Source data
........
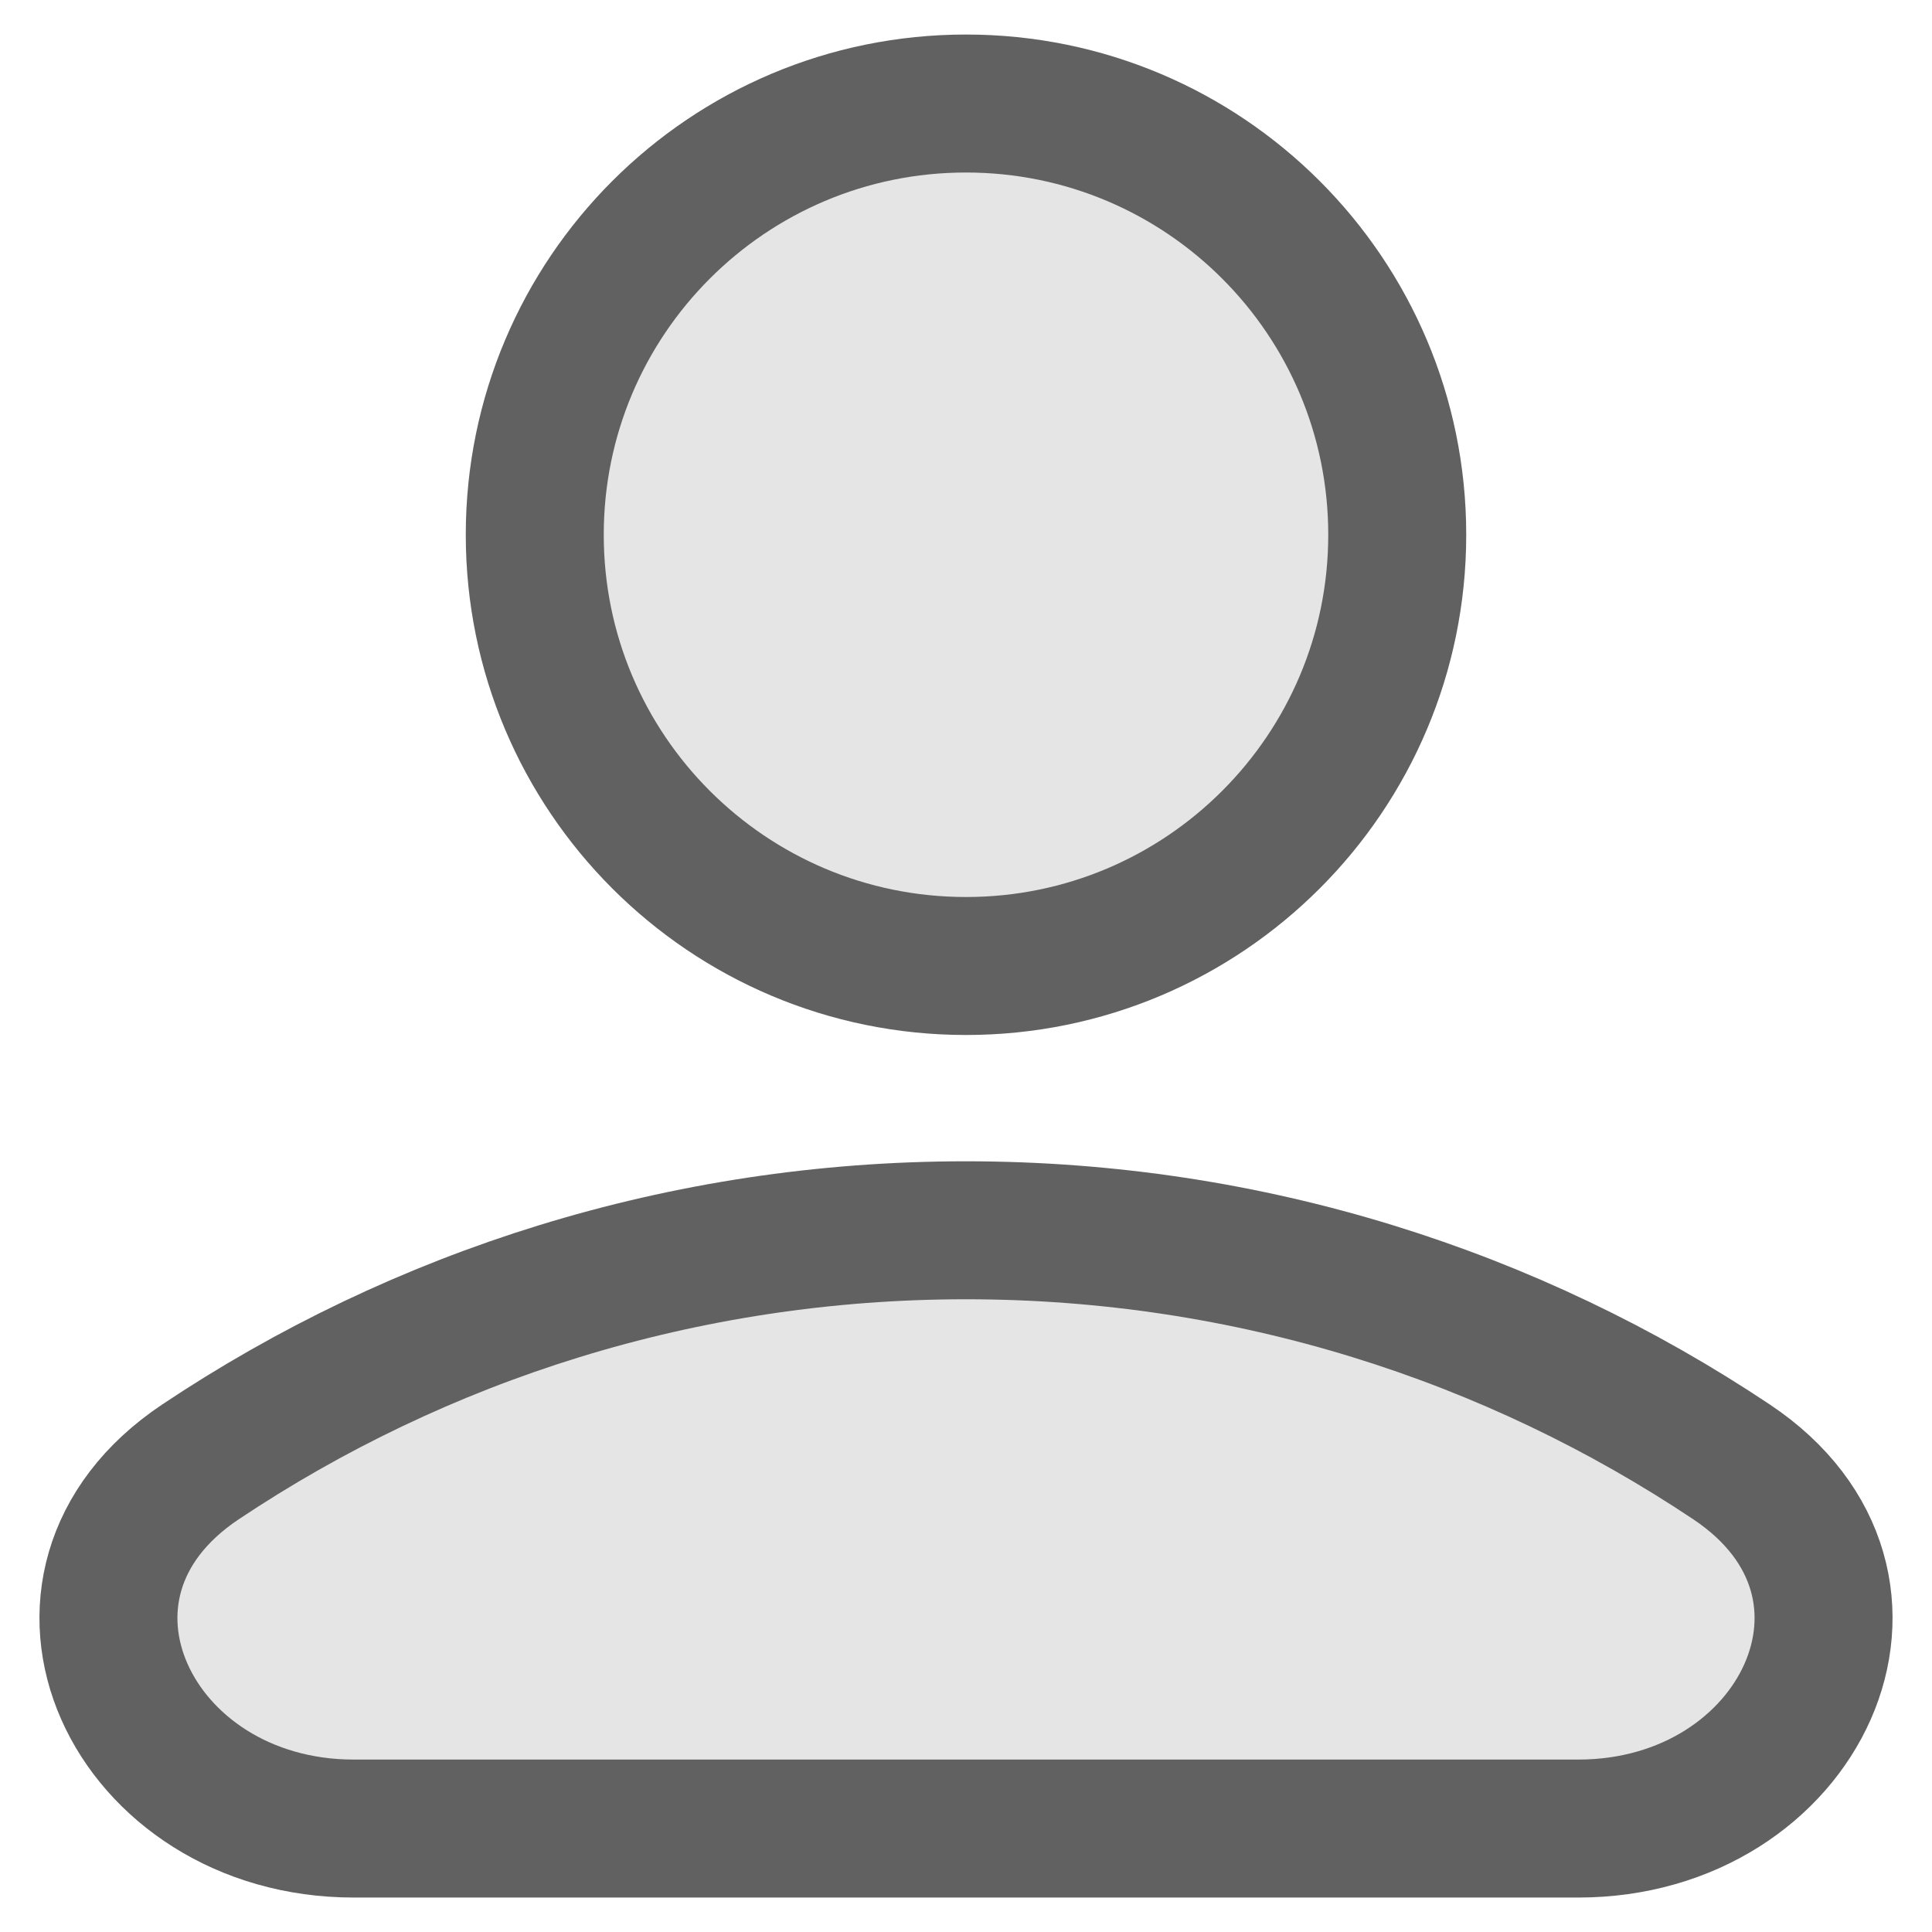 <svg width="24" height="24" viewBox="0 0 24 24" fill="none" xmlns="http://www.w3.org/2000/svg">
<path d="M12 12C14.959 12 17.357 9.601 17.357 6.643C17.357 3.684 14.959 1.286 12 1.286C9.041 1.286 6.643 3.684 6.643 6.643C6.643 9.601 9.041 12 12 12Z" fill="#E5E5E5" stroke="#616161" stroke-width="1.714" stroke-linecap="round" stroke-linejoin="round"/>
<path d="M21.511 18.161C23.808 19.695 22.367 22.715 19.605 22.715H4.395C1.633 22.715 0.192 19.695 2.489 18.161C5.211 16.343 8.482 15.283 12 15.283C15.518 15.283 18.789 16.343 21.511 18.161Z" fill="#E5E5E5" stroke="#616161" stroke-width="1.714"/>
</svg>
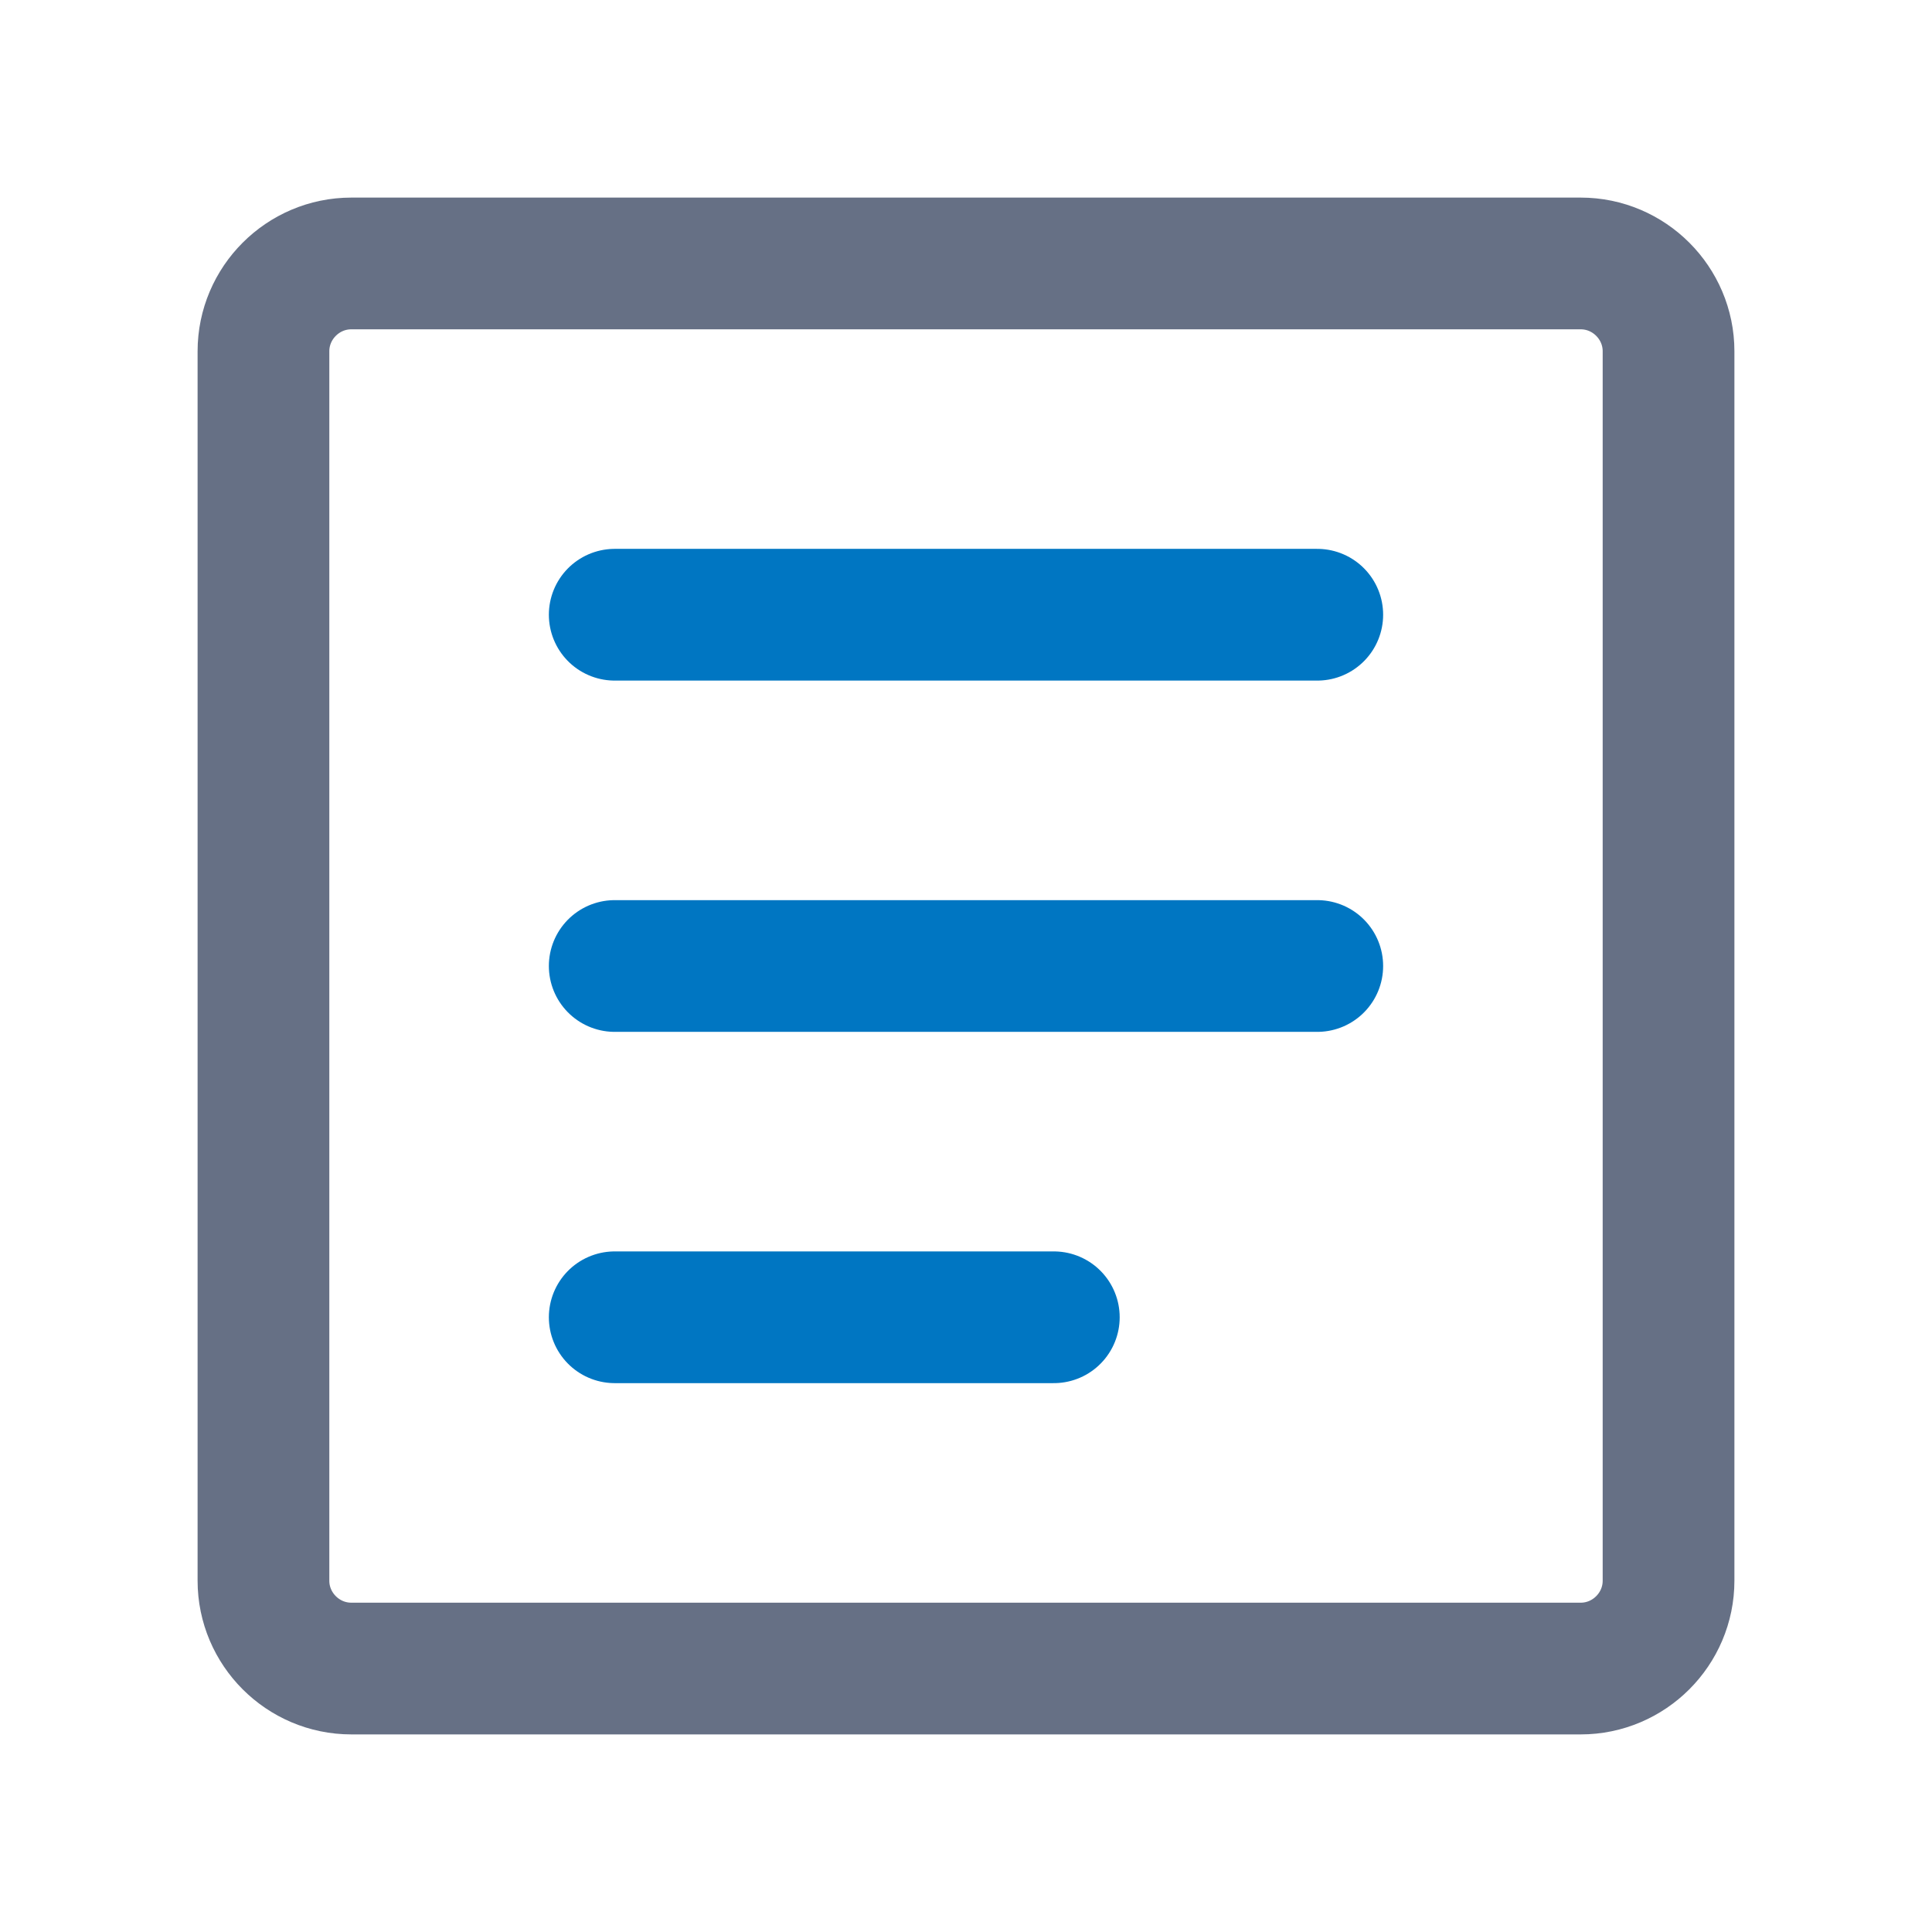<svg xmlns="http://www.w3.org/2000/svg" width="22" height="22" fill="none"><path stroke="#667085" stroke-linecap="round" stroke-linejoin="round" stroke-width="1.5" d="M19 4v14c0 .55-.45 1-1 1H4c-.55 0-1-.45-1-1V4c0-.55.45-1 1-1h14c.55 0 1 .45 1 1Z"/><path stroke="#0076C2" stroke-linecap="round" stroke-linejoin="round" stroke-width="1.5" d="M7 7h8m-8 4h8m-8 4h5"/></svg>
........
**EXERCISE:** The records are to be returned verbatim. Skip any picture they contain.

**SOLVED EXERCISE:**
 <svg width="24" height="24" viewBox="0 0 24 24" fill="none" xmlns="http://www.w3.org/2000/svg">
<path d="M12 12C14.959 12 17.357 9.601 17.357 6.643C17.357 3.684 14.959 1.286 12 1.286C9.041 1.286 6.643 3.684 6.643 6.643C6.643 9.601 9.041 12 12 12Z" fill="#E5E5E5" stroke="#616161" stroke-width="1.714" stroke-linecap="round" stroke-linejoin="round"/>
<path d="M21.511 18.161C23.808 19.695 22.367 22.715 19.605 22.715H4.395C1.633 22.715 0.192 19.695 2.489 18.161C5.211 16.343 8.482 15.283 12 15.283C15.518 15.283 18.789 16.343 21.511 18.161Z" fill="#E5E5E5" stroke="#616161" stroke-width="1.714"/>
</svg>
<svg xmlns="http://www.w3.org/2000/svg" width="22" height="22" fill="none"><path stroke="#667085" stroke-linecap="round" stroke-linejoin="round" stroke-width="1.5" d="M19 4v14c0 .55-.45 1-1 1H4c-.55 0-1-.45-1-1V4c0-.55.45-1 1-1h14c.55 0 1 .45 1 1Z"/><path stroke="#0076C2" stroke-linecap="round" stroke-linejoin="round" stroke-width="1.5" d="M7 7h8m-8 4h8m-8 4h5"/></svg>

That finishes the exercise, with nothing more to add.